An analysis of AIFMD as applied to Real Estate Investment Trusts and Property Companies

The Alternative Investment Fund Management Directive (AIFMD) is a piece of European Union legislation aimed specifically at “non-standard” funds that wish to operate and market themselves within the Union. In direct response to the recent financial crisis there are specific requirements in the area of the risk management of a fund which are both new and potentially quite onerous for a fund. The AIFMD which captures property investment funds specifically states (Article 44, para 2):

”The qualitative and quantative risk limits for each AIF shall, at least, cover the following risks: (a) market risk (b) credit risk; (c) liquidity risks (d) counterparty risks; (e) operational risks.”

In addition to giving the scope (very broad) of the required risk management function, the legislation also specified the timeliness of the operation of the risk management function – Article 44, paragraph 1a: states that an AIFM must:

“(a) identify, measure, manage and monitor at any time the risks to which the AIFs under their management are or might be exposed;”

This is a serious burden on the operation of any fund, but in the information scarce world of property funds, identifying all of the relevant risks is difficult, but amassing the information necessary to give an estimate of the magnitude of the risks and their correlation is doubly so.
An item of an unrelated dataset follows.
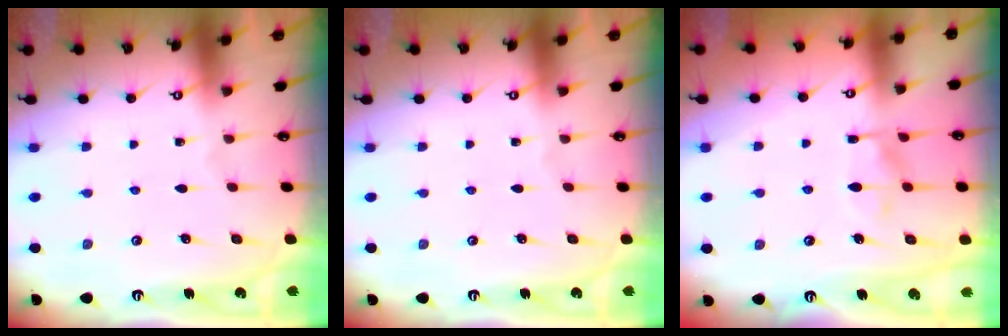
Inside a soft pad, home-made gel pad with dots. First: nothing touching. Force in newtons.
{"total": 0.0}
{"total": 8.3, "press": 8.3, "slide": 0.8}

However the legislation goes further than just requiring the estimation of the current risk profile, there is also the requirement to effectively forecast the risk profile – look carefully again at the words above “…..the risks to which the AIFs under their management are or might be exposed;”

Thus many property investment managers will have to deal with a whole set of new regulations and requirements that they may well have been aware of but may have heretofore largely ignored. For example Directive 2011/61/EU:

“requires the Commission to specify the liquidity management systems and procedures enabling the AIFM to monitor the liquidity risk of the AIF”.

Article 58 of the Level 2 text specifies that:

“AIFMs should be able to demonstrate to their competent authorities that appropriate and effective liquidity management policies and procedures are in place. That requires due consideration to be given to the nature of the AIF, including the type of underlying assets and the amount of liquidity risk to which the AIF is exposed, the scale and complexity of the AIF or the complexity of the process to liquidate or sell assets.”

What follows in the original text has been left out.